Effects of the Invention As is clear from the above embodiments, according to the present invention, the induction coil has a spiral shape, the inner circumference is wound in one stage of 11 vanes, and the outer circumference is formed in multiple stages of winding. By increasing the number of winding turns per area of the pot at the outer periphery of the pot, the heat generation at the outer periphery at the bottom of the pot is greater than the heat generation at the inner periphery, creating an imbalance in heat generation and actively increasing the inside of the pot. By generating convection between the outer plates, the temperature of the food to be cooked can be made uniform, and by improving the water absorption effect when cooking rice, etc., delicious rice can be cooked.

In addition, by associating the outermost circumference of the induction coil with the corner radius of the bottom of the pot, it is possible to achieve highly efficient heat generation and avoid the effect of increasing the outer diameter of the induction coil on the size of the main body outer frame, saving space. It is also possible to aim for this.

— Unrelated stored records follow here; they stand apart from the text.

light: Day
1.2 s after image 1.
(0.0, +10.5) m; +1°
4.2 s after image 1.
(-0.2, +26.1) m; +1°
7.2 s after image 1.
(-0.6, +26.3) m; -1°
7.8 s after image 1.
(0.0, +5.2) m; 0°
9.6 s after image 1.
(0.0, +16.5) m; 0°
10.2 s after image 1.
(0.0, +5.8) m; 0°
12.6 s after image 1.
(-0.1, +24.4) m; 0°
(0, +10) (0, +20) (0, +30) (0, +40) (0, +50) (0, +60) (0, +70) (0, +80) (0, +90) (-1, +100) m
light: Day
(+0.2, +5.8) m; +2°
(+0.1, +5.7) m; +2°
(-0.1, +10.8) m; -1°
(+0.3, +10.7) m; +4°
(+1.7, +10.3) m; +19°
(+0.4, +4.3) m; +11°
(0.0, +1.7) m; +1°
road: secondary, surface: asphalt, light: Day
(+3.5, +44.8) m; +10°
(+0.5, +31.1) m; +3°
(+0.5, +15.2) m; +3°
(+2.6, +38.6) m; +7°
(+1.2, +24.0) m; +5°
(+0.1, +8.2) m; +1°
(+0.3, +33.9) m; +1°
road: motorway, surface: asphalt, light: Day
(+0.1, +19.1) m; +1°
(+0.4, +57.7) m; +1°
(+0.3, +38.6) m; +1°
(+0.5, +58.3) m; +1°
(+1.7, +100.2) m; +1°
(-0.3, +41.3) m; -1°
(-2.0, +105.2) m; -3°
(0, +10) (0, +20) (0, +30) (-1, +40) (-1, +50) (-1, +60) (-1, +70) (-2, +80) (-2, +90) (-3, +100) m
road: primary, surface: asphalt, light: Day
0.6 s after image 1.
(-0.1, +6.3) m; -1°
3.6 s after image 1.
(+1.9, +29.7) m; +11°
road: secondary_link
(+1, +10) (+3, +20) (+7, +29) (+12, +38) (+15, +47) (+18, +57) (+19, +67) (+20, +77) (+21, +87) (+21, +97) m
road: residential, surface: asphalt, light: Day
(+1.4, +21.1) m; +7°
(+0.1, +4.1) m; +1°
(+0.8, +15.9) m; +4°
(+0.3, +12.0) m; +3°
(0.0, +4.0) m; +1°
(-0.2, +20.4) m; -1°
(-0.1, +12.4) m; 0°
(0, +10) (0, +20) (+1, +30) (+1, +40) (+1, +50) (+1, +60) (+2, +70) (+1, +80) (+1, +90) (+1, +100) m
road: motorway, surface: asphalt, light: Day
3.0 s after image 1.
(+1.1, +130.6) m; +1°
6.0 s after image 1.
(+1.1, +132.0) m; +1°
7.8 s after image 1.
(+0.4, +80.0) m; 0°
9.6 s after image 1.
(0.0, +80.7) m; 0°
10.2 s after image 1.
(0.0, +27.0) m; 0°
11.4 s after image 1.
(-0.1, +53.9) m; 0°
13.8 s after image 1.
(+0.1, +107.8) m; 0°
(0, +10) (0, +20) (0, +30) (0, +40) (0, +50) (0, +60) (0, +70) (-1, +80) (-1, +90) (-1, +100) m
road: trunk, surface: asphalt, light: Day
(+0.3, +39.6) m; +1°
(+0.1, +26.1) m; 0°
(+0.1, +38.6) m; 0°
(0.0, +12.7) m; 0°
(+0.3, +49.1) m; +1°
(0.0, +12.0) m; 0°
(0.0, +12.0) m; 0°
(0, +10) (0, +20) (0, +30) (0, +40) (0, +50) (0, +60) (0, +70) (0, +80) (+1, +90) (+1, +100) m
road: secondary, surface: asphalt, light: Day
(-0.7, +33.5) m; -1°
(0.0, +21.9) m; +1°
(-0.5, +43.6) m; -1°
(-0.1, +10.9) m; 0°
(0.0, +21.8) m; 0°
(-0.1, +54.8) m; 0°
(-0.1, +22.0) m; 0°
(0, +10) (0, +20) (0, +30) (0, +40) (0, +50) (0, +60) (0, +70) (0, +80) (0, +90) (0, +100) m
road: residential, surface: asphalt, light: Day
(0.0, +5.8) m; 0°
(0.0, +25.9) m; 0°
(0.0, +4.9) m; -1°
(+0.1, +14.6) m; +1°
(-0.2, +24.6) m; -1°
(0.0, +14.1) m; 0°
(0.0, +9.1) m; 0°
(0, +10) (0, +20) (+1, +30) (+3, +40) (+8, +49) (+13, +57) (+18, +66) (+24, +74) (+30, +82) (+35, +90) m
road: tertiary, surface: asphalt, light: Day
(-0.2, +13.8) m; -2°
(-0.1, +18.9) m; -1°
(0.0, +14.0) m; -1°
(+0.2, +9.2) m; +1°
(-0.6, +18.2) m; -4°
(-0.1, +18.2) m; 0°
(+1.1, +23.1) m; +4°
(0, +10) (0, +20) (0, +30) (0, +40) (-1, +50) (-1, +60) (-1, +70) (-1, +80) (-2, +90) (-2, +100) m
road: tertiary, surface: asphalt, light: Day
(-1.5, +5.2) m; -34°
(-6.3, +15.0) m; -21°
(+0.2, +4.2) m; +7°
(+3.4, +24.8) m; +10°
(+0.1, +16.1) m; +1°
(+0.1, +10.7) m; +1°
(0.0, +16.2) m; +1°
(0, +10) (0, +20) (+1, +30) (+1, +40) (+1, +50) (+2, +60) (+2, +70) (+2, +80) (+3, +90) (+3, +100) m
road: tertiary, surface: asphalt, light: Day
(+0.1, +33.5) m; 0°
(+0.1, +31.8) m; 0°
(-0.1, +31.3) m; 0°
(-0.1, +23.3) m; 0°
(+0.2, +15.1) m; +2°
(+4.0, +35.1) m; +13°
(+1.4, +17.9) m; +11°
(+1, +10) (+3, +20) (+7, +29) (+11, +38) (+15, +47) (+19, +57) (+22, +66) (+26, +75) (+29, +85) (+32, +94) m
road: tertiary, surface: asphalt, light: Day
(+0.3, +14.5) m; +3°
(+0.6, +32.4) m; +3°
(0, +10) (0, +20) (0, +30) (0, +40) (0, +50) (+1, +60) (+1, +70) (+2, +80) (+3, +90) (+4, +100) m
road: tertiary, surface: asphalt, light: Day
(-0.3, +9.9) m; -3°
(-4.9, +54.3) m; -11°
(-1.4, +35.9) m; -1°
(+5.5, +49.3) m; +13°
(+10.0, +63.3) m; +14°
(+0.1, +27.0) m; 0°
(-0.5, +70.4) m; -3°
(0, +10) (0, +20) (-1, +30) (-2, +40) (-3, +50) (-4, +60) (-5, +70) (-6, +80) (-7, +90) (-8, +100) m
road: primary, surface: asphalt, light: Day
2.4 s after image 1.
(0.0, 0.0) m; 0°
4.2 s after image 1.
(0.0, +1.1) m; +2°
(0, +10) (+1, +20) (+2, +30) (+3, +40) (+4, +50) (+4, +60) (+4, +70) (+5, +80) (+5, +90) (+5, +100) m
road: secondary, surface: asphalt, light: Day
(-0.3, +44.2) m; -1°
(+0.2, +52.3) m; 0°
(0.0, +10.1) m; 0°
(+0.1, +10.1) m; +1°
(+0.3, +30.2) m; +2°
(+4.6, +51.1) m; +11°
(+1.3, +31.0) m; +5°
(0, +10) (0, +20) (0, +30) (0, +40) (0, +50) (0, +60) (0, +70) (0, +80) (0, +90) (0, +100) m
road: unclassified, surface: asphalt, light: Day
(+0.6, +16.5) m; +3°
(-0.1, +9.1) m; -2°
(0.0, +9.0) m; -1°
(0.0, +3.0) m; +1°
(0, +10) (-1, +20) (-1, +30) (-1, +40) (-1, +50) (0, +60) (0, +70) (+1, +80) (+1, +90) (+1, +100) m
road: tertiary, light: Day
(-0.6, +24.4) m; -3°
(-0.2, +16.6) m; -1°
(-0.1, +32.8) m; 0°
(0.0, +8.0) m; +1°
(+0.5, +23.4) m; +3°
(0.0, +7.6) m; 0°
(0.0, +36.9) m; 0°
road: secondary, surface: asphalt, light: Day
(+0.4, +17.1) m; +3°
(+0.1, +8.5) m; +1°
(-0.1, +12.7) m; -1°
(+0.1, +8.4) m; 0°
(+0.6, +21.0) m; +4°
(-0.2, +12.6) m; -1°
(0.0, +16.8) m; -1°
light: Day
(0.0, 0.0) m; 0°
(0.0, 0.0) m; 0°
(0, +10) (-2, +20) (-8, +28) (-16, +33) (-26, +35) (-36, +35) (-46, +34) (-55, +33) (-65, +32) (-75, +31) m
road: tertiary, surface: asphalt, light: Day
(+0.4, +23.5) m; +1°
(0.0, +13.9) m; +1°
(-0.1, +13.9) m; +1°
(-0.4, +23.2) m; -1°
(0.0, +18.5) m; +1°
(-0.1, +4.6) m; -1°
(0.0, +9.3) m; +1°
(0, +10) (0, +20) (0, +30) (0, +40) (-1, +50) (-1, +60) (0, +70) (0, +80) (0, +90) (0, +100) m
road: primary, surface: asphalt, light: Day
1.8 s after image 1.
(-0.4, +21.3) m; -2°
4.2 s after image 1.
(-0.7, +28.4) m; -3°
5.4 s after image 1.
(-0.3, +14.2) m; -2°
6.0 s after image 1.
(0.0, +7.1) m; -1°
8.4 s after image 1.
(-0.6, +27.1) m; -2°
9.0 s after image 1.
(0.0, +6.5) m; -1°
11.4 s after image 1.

[Brief explanation of drawings]

FIG. 1 is a sectional view showing an embodiment of the present invention, which also serves as a jar;
FIG. 4 is a perspective view of the induction coil. 1... Cooker body, 6... Pot, 6a.
...Round part of the pot, 8...Induction coil, 8b...Two stages of winding.

Claims (2)

[Claims] (1) A pot to be stored in the main body of the cooker, and an induction coil that is opposed to the bottom of the pot and heats the pot, the shape of the induction coil is spiral, and the inner circumference is wound in one step,
A cooking device in which the outer periphery of the pot is wound in multiple stages to increase the number of winding turns per area of the pot. (2) A claim in which the outermost peripheral part of the induction coil is located outside the contact point between the R part formed at the bottom corner of the pot and the bottom surface of the pot, and inside the contact point between the R part and the side surface of the pot. The cooker according to item 1.